Daniel Teixeira/Estadão
Daniel Teixeira/Estadão

Governo muda as regras para privatização da Raspadinha

Além de alterar o tempo de concessão de 25 para 15 anos, foi alterada também o perfil das empresas interessadas, que precisam comprovar que já operam loterias com volume de apostas igual ou superior a R$ 1,2 bi

Luci Ribeiro, O Estado de S.Paulo

17 de novembro de 2017 | 08h43

BRASÍLIA - O governo formalizou nesta sexta-feira, 17, as mudanças nor prazo de concessão para a iniciativa privada da Loteria Instantânea Exclusiva (Lotex), também conhecida como raspadinha. Agora, o prazo de concessão será de 15 anos e não mais 25 anos como inicialmente definido.

A mudança, realizada pelo Conselho do Programa de Parcerias de Investimentos da Presidência da República (PPI), foram divulgadas no Diário Oficial da União (DOU) desta sexta. Além do prazo de concessão, o governo decidiu mudar requisito sobre o nível de experiência com a operação de loterias que será exigido dos proponentes.

Com isso, os interessados na licitação deverão comprovar que já operam loterias cuja receita com a venda das apostas seja igual ou superior a R$ 1,2 bilhão, em período não superior a 12 meses corridos. Antes, a exigência era de uma receita mínima de R$ 100 milhões com a comercialização dos bilhetes.

O PPI informa na resolução que as alterações levaram em consideração as contribuições de "potenciais interessados" no leilão formalizadas no processo de consulta e audiência públicas do processo.

A concessão da Lotex à iniciativa privada integra o esforço de arrecadação do governo federal. A estimativa é de que a receita de tributos sobre as apostas dobre com a privatização, saltando rapidamente de R$ 6 bilhões para, pelo menos, R$ 12 bilhões - recurso que pode ajudar a reforçar o caixa do Tesouro nos próximos anos enquanto as contas públicas ainda deverão ficar no vermelho.

O governo prevê que a disputa pela concessão da Lotex envolva empresas internacionais com experiência no ramo de jogos eletrônico.

Modelagem. O secretário de Acompanhamento Econômico do Ministério da Fazenda, Mansueto Almeida, afirmou em nota ao Estadão/Broadcast que a mudança no prazo de concessão, de 25 anos para 15 anos fez com que o leilão voltasse à modelagem original proposta pelo BNDES e o consórcio EY/Moyses&Pires/Zancan, com outorga de R$ 514 milhões. Pelo prazo anterior, de 25 anos, o valor mínimo da outorga seria de R$ 922 milhões.

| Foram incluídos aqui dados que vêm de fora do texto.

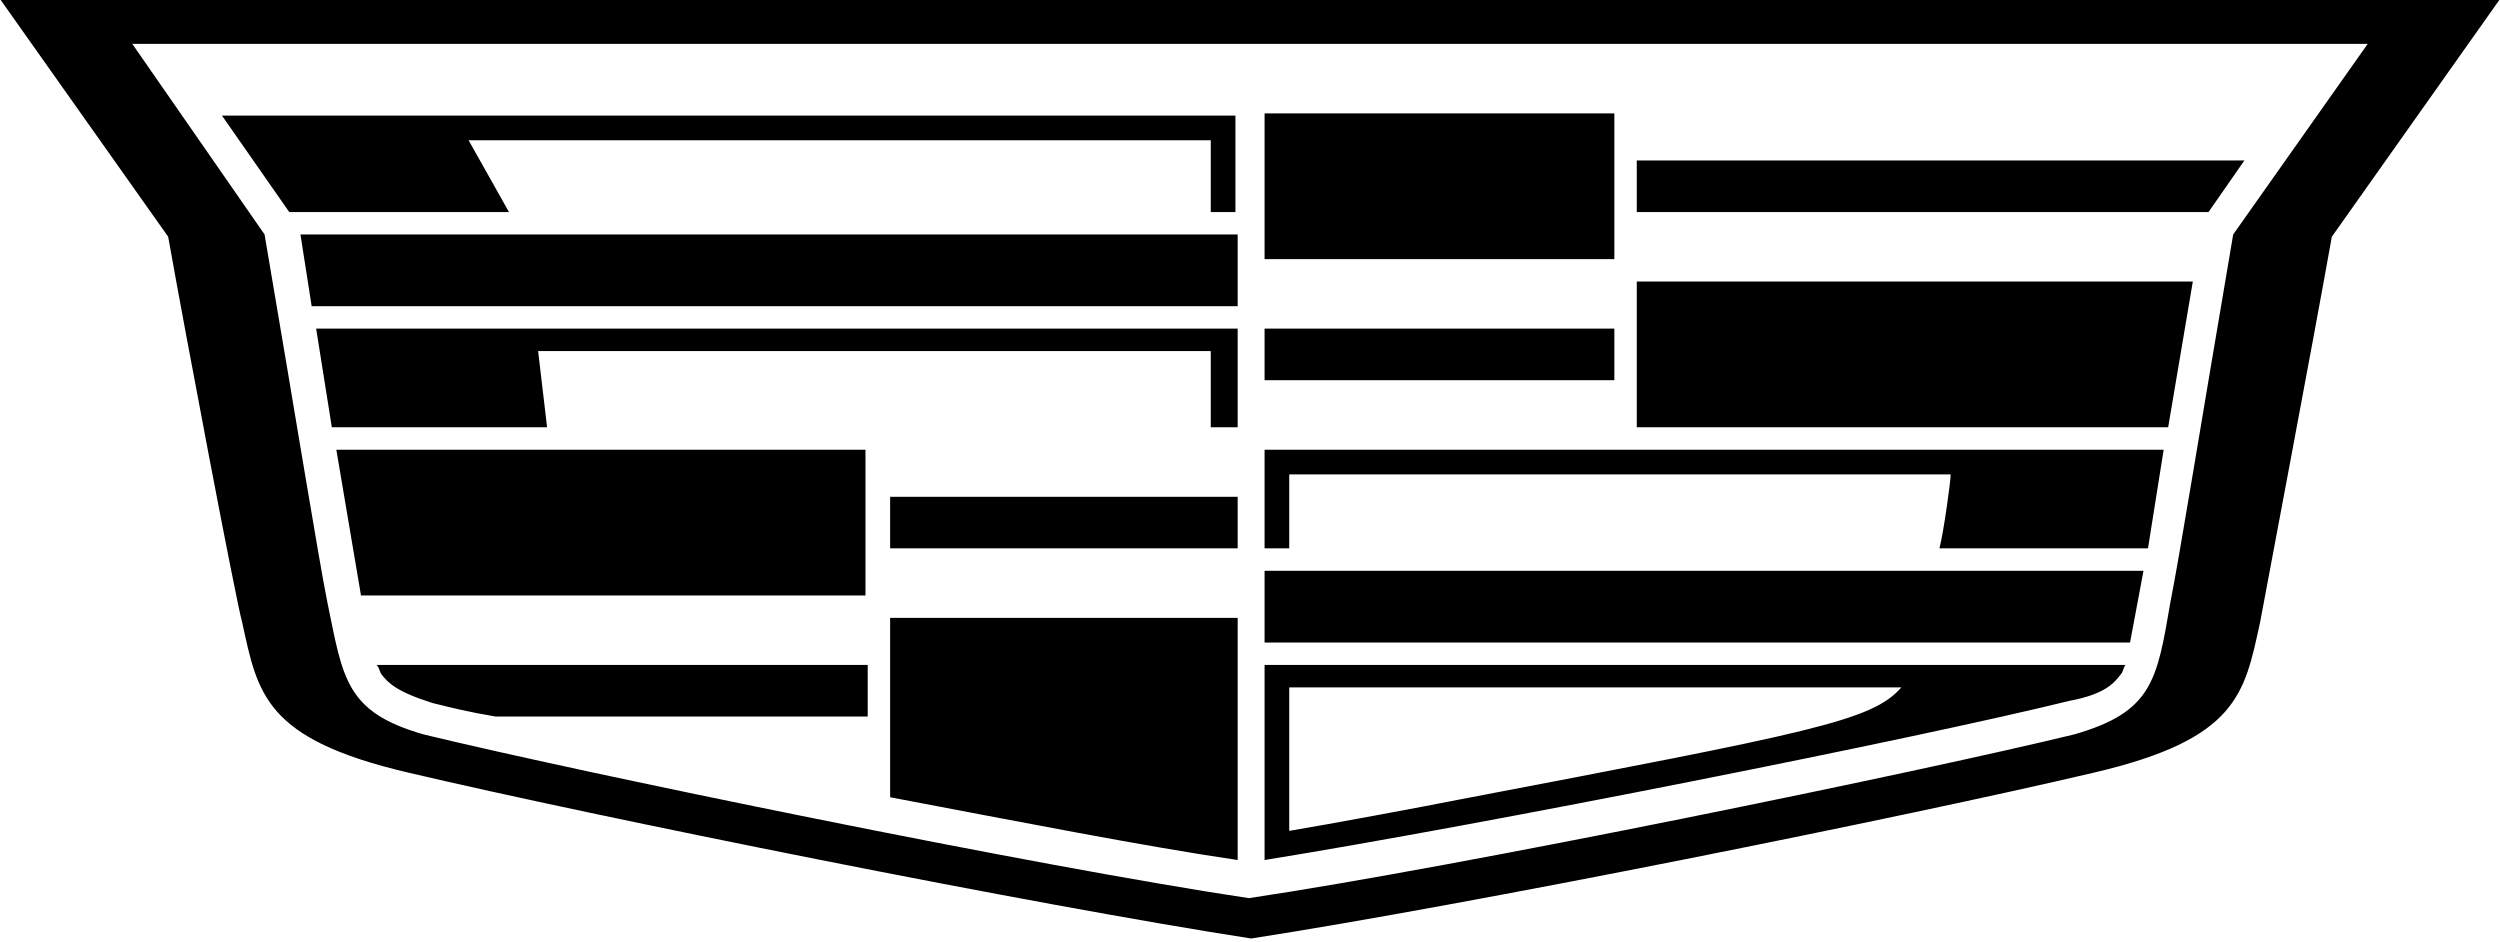 <svg version="1.1" id="Layer_1" xmlns:x="ns_extend;" xmlns:i="ns_ai;" xmlns:graph="ns_graphs;" xmlns="http://www.w3.org/2000/svg" xmlns:xlink="http://www.w3.org/1999/xlink" x="0px" y="0px" viewBox="0 0 111.5 42" style="enable-background:new 0 0 111.5 42;" xml:space="preserve">
 <g id="CADILLAC_2DCREST">
  <g id="CADILLAC_2DCREST_POS_RGB" transform="translate(0, 15.957)">
   <path id="Shape" d="M24.4,3.1h-9.6l-0.7-4.4h41.1v4.4H54v-3.4H24L24.4,3.1z M13.9-2.3h41.3v-3.2H13.4L13.9-2.3z M39.7,8.5h15.5
			V6.2H39.7L39.7,8.5z M12.9-6.5h9.8l-1.8-3.2H54v3.2h1.1v-4.3H9.9L12.9-6.5z M72-10.9H56.4v6.5H72L72-10.9z M17,14.1
			c0.3,0.4,0.7,0.8,2.3,1.3c0.8,0.2,1.6,0.4,2.8,0.6h16.6v-2.3H16.8C16.9,13.8,16.9,13.9,17,14.1L17,14.1z M16.1,10.6h22.5V4.1H15
			L16.1,10.6z M39.7,19.6c5.8,1.1,11.4,2.2,15.5,2.8V11.6H39.7V19.6z M73,3.1h23.7l1.1-6.5H73V3.1z M73-8.8v2.3l25.5,0l1.6-2.3H73z
			 M111.5-16L104-5.4c-0.8,4.5-3,16.1-3.2,17.2c-0.7,3.2-1,5.2-7.4,6.7c-8.5,2-27.9,5.9-37.6,7.4c-9.7-1.5-29.1-5.4-37.6-7.4
			c-6.4-1.5-6.7-3.5-7.4-6.7C10.5,10.7,8.3-0.9,7.5-5.4L0-16H111.5z M105.6-14H5.9l5.9,8.5c1.5,8.8,2.4,14.4,2.8,16.4
			c0.7,3.4,0.8,4.9,4.3,5.9c7,1.7,27.4,5.9,36.8,7.3c9.4-1.4,29.8-5.6,36.8-7.3c3.5-1,3.7-2.4,4.3-5.9c0.4-2,1.3-7.6,2.8-16.4
			L105.6-14z M56.4,8.5h1.1V5.2H87c0,0.3-0.3,2.5-0.5,3.3h9.3l0.7-4.4H56.4V8.5z M56.4,12.7H95l0.6-3.2H56.4V12.7z M72-1.3H56.4V1
			H72V-1.3z M56.4,13.7h38.4c-0.1,0.1-0.1,0.3-0.2,0.4c-0.3,0.4-0.7,0.9-2.3,1.2c-6.9,1.7-26,5.5-35.9,7.1V13.7z M57.5,21.1
			c1.8-0.3,6.1-1.1,7.6-1.4c15.7-3,18.4-3.5,19.7-5H57.5V21.1z">
   </path>
  </g>
 </g>
</svg>

Segundo Mansueto, ao longo das audiências e consultas públicas as empresas reclamaram muito do preço mínimo de outorga porque se tratava de um investimento de alto risco, um investimento greenfield, que exigiria um grande investimento para montar uma rede de 65 mil pontos de venda em cinco anos.

Ele destacou que a redução do prazo de concessão e do valor da outorga foi decisão tomada "por unanimidade" de todos os envolvidos no processo de modelagem da Lotex. Mansueto também disse que 65% da receita de venda dos bilhetes da Lotex voltará como prêmio para os apostadores e 16,7% será receita do governo, "o que torna o governo sócio do empreendimento".

O secretário esclareceu ainda a outra mudança publicada hoje pelo PPI sobre a Lotex. Ele explicou que, no caso da receita com vendas de bilhetes exigida para qualificar as empresas ou consórcio que queiram participar do leilão, foi alterado apenas o prazo. Antes o valor eram R$ 100 milhões com a comercialização de bilhetes por mês, o que em 12 meses seriam R$ 1,2 bilhão.

"Dada a flutuação que pode ocorrer nas vendas mensais, achamos melhor especificar essa exigência pela receita anual e não pela receita mensal, atendendo a sugestão da consulta pública", disse.

Mansueto aproveitou para destacar que o mais importante é que "esse leilão representa a abertura organizada do mercado de loterias do Brasil", com benefícios para o setor e maior arrecadação para o governo.

"Em pleno século XXI, não faz nenhum sentido econômico ter um mercado de loterias fechado, como é hoje o caso do Brasil, dado que se trata, inclusive de um serviço de concessão público que não é essencial. Como sabemos, maior concorrência é bom para empresas e consumidores", defendeu.

De acordo com o secretário, o processo da Lotex está ainda sob análise do Tribunal de Contas da União (TCU). Depois de aprovado, o edital será publicado e, passados 60 dias, o leilão será realizado.